◆ **THE TASK**
Copy down every line of the data that follows exactly. Omit the pictures.

Entries taken from a collection

....

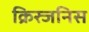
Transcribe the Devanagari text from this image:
क्रिस्जनिस
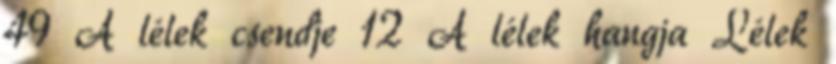
49 A lélek csendje 12 A lélek hangja Lélek
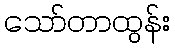
သော်တာထွန်း
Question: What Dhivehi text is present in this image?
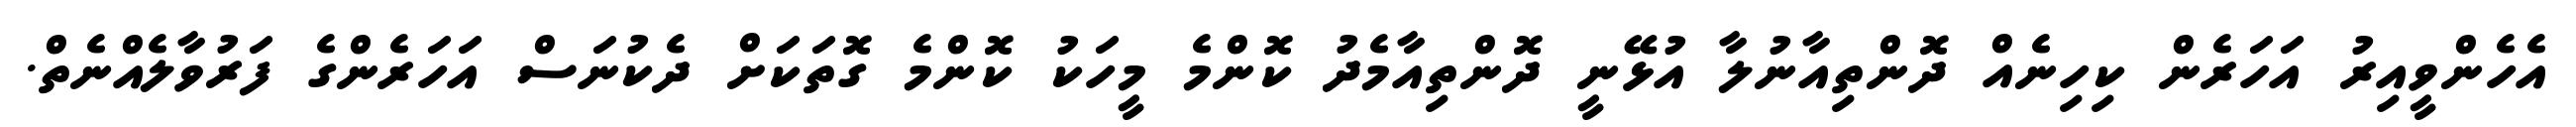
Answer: އެހެންވީއިރު އަހަރެން ކިހިނެއް ދޮންތިއާނުލާ އުޅޭނީ ދޮންތިއާމެދު ކޮންމެ މީހަކު ކޮންމެ ގޮތަކަށް ދެކުނަސް އަހަރެންގެ ފަރުވާލެއްނެތް.
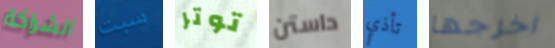
الشراكة سبت توتر داستن تأذي اخرجها

....

◆ **TASK ANSWER**
Transcribe the Devanagari text from this image:
क्रिस्जनिस
49 A lélek csendje 12 A lélek hangja Lélek
သော်တာထွန်း
Question: What Dhivehi text is present in this image?
Answer: އެހެންވީއިރު އަހަރެން ކިހިނެއް ދޮންތިއާނުލާ އުޅޭނީ ދޮންތިއާމެދު ކޮންމެ މީހަކު ކޮންމެ ގޮތަކަށް ދެކުނަސް އަހަރެންގެ ފަރުވާލެއްނެތް.
الشراكة سبت توتر داستن تأذي اخرجها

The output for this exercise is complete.